Work order: Write out each line of the listing as it stands, without the images.

Source data:
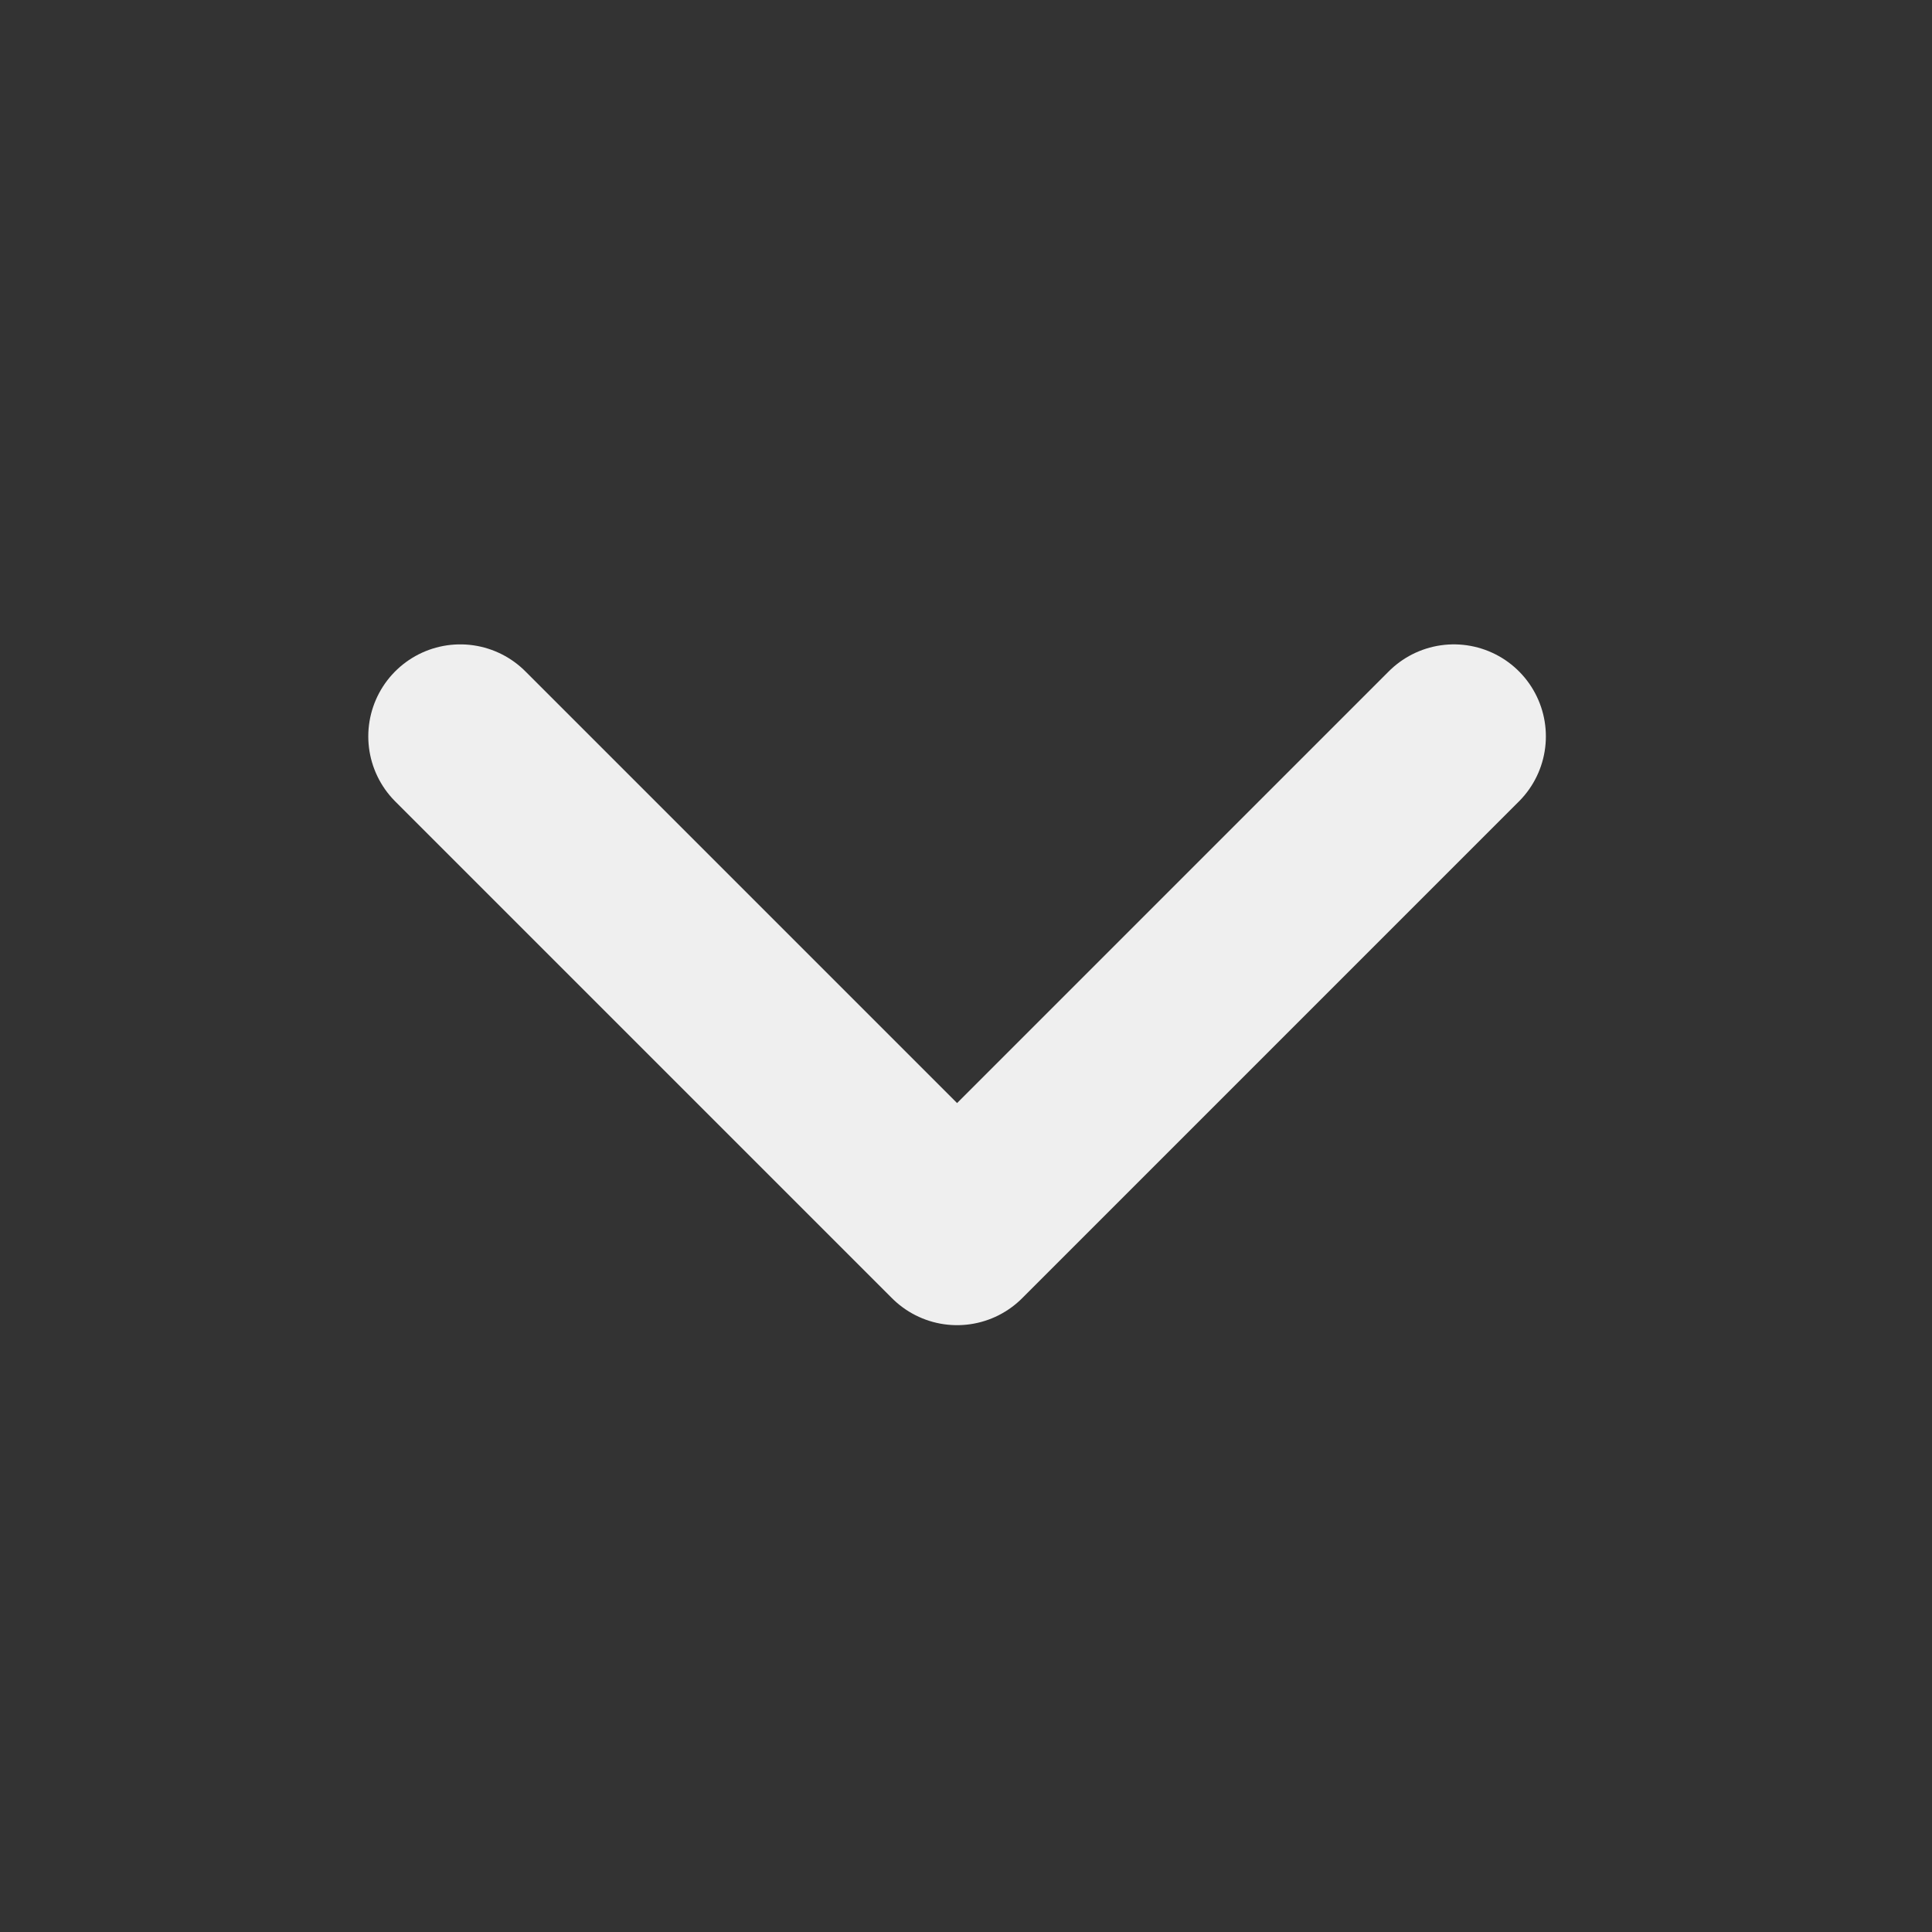 <svg xmlns="http://www.w3.org/2000/svg" xmlns:xlink="http://www.w3.org/1999/xlink" viewBox="0 0 21 21">
  <rect x="0" y="0" width="21" height="21" fill="#333333" stroke="none"/>
  <defs>
    <clipPath id="clip-Account_Dropdown_OFF">
      <rect width="21" height="21"/>
    </clipPath>
  </defs>
  <g id="Account_Dropdown_OFF" clip-path="url(#clip-Account_Dropdown_OFF)">
    <path id="Path_988" data-name="Path 988" d="M.5,5.9,5.9.5l5.4,5.4" transform="translate(16.303 13.904) rotate(180)" fill="none" stroke="#efefef" stroke-linecap="round" stroke-linejoin="round" stroke-miterlimit="10" stroke-width="2"/>
  </g>
</svg>

Task response:
 <svg xmlns="http://www.w3.org/2000/svg" xmlns:xlink="http://www.w3.org/1999/xlink" viewBox="0 0 21 21">
  <rect x="0" y="0" width="21" height="21" fill="#333333" stroke="none"/>
  <defs>
    <clipPath id="clip-Account_Dropdown_OFF">
      <rect width="21" height="21"/>
    </clipPath>
  </defs>
  <g id="Account_Dropdown_OFF" clip-path="url(#clip-Account_Dropdown_OFF)">
    <path id="Path_988" data-name="Path 988" d="M.5,5.9,5.9.5l5.4,5.4" transform="translate(16.303 13.904) rotate(180)" fill="none" stroke="#efefef" stroke-linecap="round" stroke-linejoin="round" stroke-miterlimit="10" stroke-width="2"/>
  </g>
</svg>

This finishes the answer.